Hershey Felder has carved out a very successful career in the United States and Europe as a composer, musician, and actor, primarily known for his one-man shows that embody some of the greatest composers including Chopin, Beethoven, Liszt, Leonard Bernstein, and the award-winning “George Gershwin Alone” for which he received a Los Angeles Ovation Award for Best Music and Best Actor. But alas, even the most feted must sometimes fail as did his last production, “Abe Lincoln’s Piano,” which just closed after a limited run at the Geffen Playhouse.
Based on the music of Stephen Foster, the play was akin to sitting through a rambling, boring lecture on the circumstances immediately following President Lincoln’s assassination by John Wilkes Booth at the Ford’s Theatre. In the first half hour or so, Hershey gives an autobiographical profile of the genesis of his piano playing which apparently began as a young child of eight in Montreal when, after experiencing someone playing the piano, demanded that his mother buy a piano and arrange for lessons. One cannot dispute the fact that Felder is a most accomplished pianist and that his relationship with the piano is definitely an extension of his body. But where was the story about Lincoln, I kept asking myself and do we really need to know about Felder’s childhood, which seemed rather self-indulgent.
Impatience finally unsatisfactorily paid off, as it was slowly revealed that following a performance at Ford’s Theatre in Washington, D.C., and his subsequently playing Lincoln’s piano at the White House, Felder became intrigued with the president’s assassination and specifically to a private accounting by Dr. Charles Augustus Leale, a young Army surgeon who ministered to the mortally wounded Lincoln.
In 1909, at the age of 90, Leale finally broke his silence about his experience. Hershey, taking some theatrical license with Leale’s material, as the good doctor, cradles Lincoln’s head in his arms and breaks out in song, singing “My Old Kentucky Home.”

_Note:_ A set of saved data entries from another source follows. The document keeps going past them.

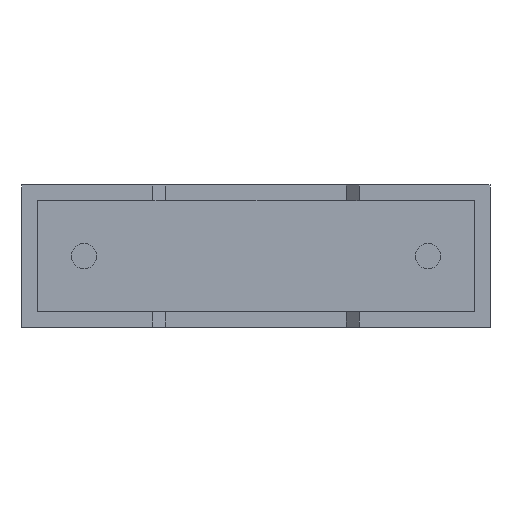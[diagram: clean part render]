
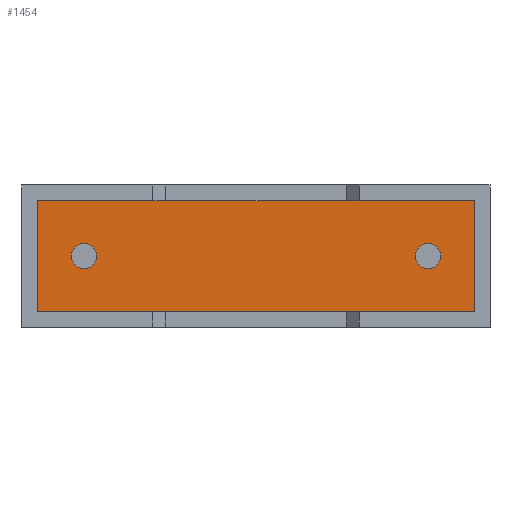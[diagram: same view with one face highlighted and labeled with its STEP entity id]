
A CAD part, front view. The second image highlights one B-rep face of the part: STEP entity #1454.
In plain terms, the highlighted planar face has unit normal (0, -1, 0).
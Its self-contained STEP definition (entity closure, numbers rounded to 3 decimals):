
#56 = ORIENTED_EDGE ( 'NONE', *, *, #76, .T. ) ;
#76 = EDGE_CURVE ( 'NONE', #2557, #2396, #1706, .T. ) ;
#105 = CIRCLE ( 'NONE', #152, 0.275 ) ;
#135 = CARTESIAN_POINT ( 'NONE',  ( 1.35, 0.75, 1.55 ) ) ;
#152 = AXIS2_PLACEMENT_3D ( 'NONE', #498, #2359, #1429 ) ;
#206 = CARTESIAN_POINT ( 'NONE',  ( 8.85, 0.75, 1.275 ) ) ;
#306 = CIRCLE ( 'NONE', #1887, 0.275 ) ;
#395 = DIRECTION ( 'NONE',  ( 0., -1., 0. ) ) ;
#434 = ORIENTED_EDGE ( 'NONE', *, *, #1579, .T. ) ;
#435 = CARTESIAN_POINT ( 'NONE',  ( 8.85, 0.75, 1.825 ) ) ;
#456 = VECTOR ( 'NONE', #1349, 1000. ) ;
#495 = CARTESIAN_POINT ( 'NONE',  ( 0., 0.75, 0. ) ) ;
#498 = CARTESIAN_POINT ( 'NONE',  ( 8.85, 0.75, 1.55 ) ) ;
#509 = ORIENTED_EDGE ( 'NONE', *, *, #1213, .F. ) ;
#532 = ORIENTED_EDGE ( 'NONE', *, *, #1086, .T. ) ;
#535 = EDGE_CURVE ( 'NONE', #2396, #2599, #2266, .T. ) ;
#606 = DIRECTION ( 'NONE',  ( 0., 0., -1. ) ) ;
#636 = CARTESIAN_POINT ( 'NONE',  ( 0.34, 0.75, 0.34 ) ) ;
#727 = FACE_BOUND ( 'NONE', #1850, .T. ) ;
#790 = DIRECTION ( 'NONE',  ( -1., 0., 0. ) ) ;
#800 = AXIS2_PLACEMENT_3D ( 'NONE', #495, #1690, #2634 ) ;
#877 = VECTOR ( 'NONE', #1357, 1000. ) ;
#888 = CIRCLE ( 'NONE', #1630, 0.275 ) ;
#894 = DIRECTION ( 'NONE',  ( 0., 0., -1. ) ) ;
#966 = DIRECTION ( 'NONE',  ( 0., 0., -1. ) ) ;
#979 = FACE_BOUND ( 'NONE', #1457, .T. ) ;
#1086 = EDGE_CURVE ( 'NONE', #2599, #2455, #2279, .T. ) ;
#1174 = EDGE_CURVE ( 'NONE', #1704, #2307, #105, .T. ) ;
#1213 = EDGE_CURVE ( 'NONE', #2307, #1704, #1994, .T. ) ;
#1242 = CARTESIAN_POINT ( 'NONE',  ( 0.34, 0.75, 0.34 ) ) ;
#1267 = EDGE_CURVE ( 'NONE', #2530, #2446, #306, .T. ) ;
#1289 = CARTESIAN_POINT ( 'NONE',  ( 9.86, 0.75, 2.76 ) ) ;
#1305 = DIRECTION ( 'NONE',  ( 0., 0., -1. ) ) ;
#1349 = DIRECTION ( 'NONE',  ( 1., 0., 0. ) ) ;
#1357 = DIRECTION ( 'NONE',  ( 0., 0., 1. ) ) ;
#1390 = EDGE_CURVE ( 'NONE', #2446, #2530, #888, .T. ) ;
#1429 = DIRECTION ( 'NONE',  ( 0., 0., -1. ) ) ;
#1431 = EDGE_LOOP ( 'NONE', ( #2917, #532, #434, #56 ) ) ;
#1447 = CARTESIAN_POINT ( 'NONE',  ( 8.85, 0.75, 1.55 ) ) ;
#1454 = ADVANCED_FACE ( 'NONE', ( #979, #1654, #727 ), #2620, .T. ) ;
#1457 = EDGE_LOOP ( 'NONE', ( #2076, #509 ) ) ;
#1579 = EDGE_CURVE ( 'NONE', #2455, #2557, #2740, .T. ) ;
#1630 = AXIS2_PLACEMENT_3D ( 'NONE', #2524, #395, #894 ) ;
#1654 = FACE_OUTER_BOUND ( 'NONE', #1431, .T. ) ;
#1657 = DIRECTION ( 'NONE',  ( 0., -1., 0. ) ) ;
#1690 = DIRECTION ( 'NONE',  ( 0., -1., 0. ) ) ;
#1704 = VERTEX_POINT ( 'NONE', #435 ) ;
#1706 = LINE ( 'NONE', #2893, #2134 ) ;
#1743 = DIRECTION ( 'NONE',  ( 0., -1., 0. ) ) ;
#1850 = EDGE_LOOP ( 'NONE', ( #1931, #2959 ) ) ;
#1853 = CARTESIAN_POINT ( 'NONE',  ( 1.35, 0.75, 1.825 ) ) ;
#1887 = AXIS2_PLACEMENT_3D ( 'NONE', #135, #1743, #1305 ) ;
#1926 = CARTESIAN_POINT ( 'NONE',  ( 0.34, 0.75, 2.76 ) ) ;
#1931 = ORIENTED_EDGE ( 'NONE', *, *, #1390, .F. ) ;
#1994 = CIRCLE ( 'NONE', #2632, 0.275 ) ;
#2027 = CARTESIAN_POINT ( 'NONE',  ( 9.86, 0.75, 0.34 ) ) ;
#2076 = ORIENTED_EDGE ( 'NONE', *, *, #1174, .F. ) ;
#2134 = VECTOR ( 'NONE', #790, 1000. ) ;
#2251 = CARTESIAN_POINT ( 'NONE',  ( 0.34, 0.75, 2.76 ) ) ;
#2266 = LINE ( 'NONE', #2251, #2328 ) ;
#2279 = LINE ( 'NONE', #636, #456 ) ;
#2307 = VERTEX_POINT ( 'NONE', #206 ) ;
#2328 = VECTOR ( 'NONE', #606, 1000. ) ;
#2359 = DIRECTION ( 'NONE',  ( 0., -1., 0. ) ) ;
#2396 = VERTEX_POINT ( 'NONE', #1926 ) ;
#2446 = VERTEX_POINT ( 'NONE', #1853 ) ;
#2455 = VERTEX_POINT ( 'NONE', #2831 ) ;
#2524 = CARTESIAN_POINT ( 'NONE',  ( 1.35, 0.75, 1.55 ) ) ;
#2530 = VERTEX_POINT ( 'NONE', #2931 ) ;
#2557 = VERTEX_POINT ( 'NONE', #1289 ) ;
#2599 = VERTEX_POINT ( 'NONE', #1242 ) ;
#2620 = PLANE ( 'NONE',  #800 ) ;
#2632 = AXIS2_PLACEMENT_3D ( 'NONE', #1447, #1657, #966 ) ;
#2634 = DIRECTION ( 'NONE',  ( 0., 0., -1. ) ) ;
#2740 = LINE ( 'NONE', #2027, #877 ) ;
#2831 = CARTESIAN_POINT ( 'NONE',  ( 9.86, 0.75, 0.34 ) ) ;
#2893 = CARTESIAN_POINT ( 'NONE',  ( 9.86, 0.75, 2.76 ) ) ;
#2917 = ORIENTED_EDGE ( 'NONE', *, *, #535, .T. ) ;
#2931 = CARTESIAN_POINT ( 'NONE',  ( 1.35, 0.75, 1.275 ) ) ;
#2959 = ORIENTED_EDGE ( 'NONE', *, *, #1267, .F. ) ;

So, now we know the ensuing, rather disjointed narrative, punctuated with a sprinkling of famous American music compositions from great composers such as Steven Foster, Louie Gottschalk, and George Gershwin, the “lecture” will be presented through the eyes of the unsung Lt. Leale. At one point in Act 2, Felder did not miss an opportunity to bang out that evergreen, Gershwin’s “Rhapsody in Blue,” always guaranteed to garner an audience’s wild approval.
The narrative was clumsy, as was Hershey’s acting, as he introduced a variety of characters, trying to change his tone, pitch, and inflection in his singing and speaking voices, but the alteration in the sound was barely perceptible and all of characters bled into each other resulting in almost all of them sounding the same. What was truly lacking were fully actualized characterizations with inner lives and subtext.
The credit or blame for this production must be equally shared by Felder, who wrote the book and certainly by the director Trevor Hay who failed to reign in and shape the disjointed narrative which should have been a cohesive journey through one of the most horrendous, murderous acts in American history. Hay also failed to elicit the kind of strong performance from Felder that he has exhibited in his previous one-man shows.
Technically, the Scenic Design by Hershey Felder and Trevor Hay beautifully reproduced the Ford’s Theatre proscenium stage, and was draped in a lush velvet curtain. Lighting Design by Christopher Rynne was fine but Erik Carstensen’s Sound Design occasionally overwhelmed Felder’s dialogue. Hershey Felder shared Music By credit with Stephen Foster & Others.
When a poor play gets a standing ovation, as a critic, it falls under the heading of “what??” So, despite it’s approval by the audience the night I attended, I must be a “spoiler” and declare that the emperor was, indeed, not wearing any clothes.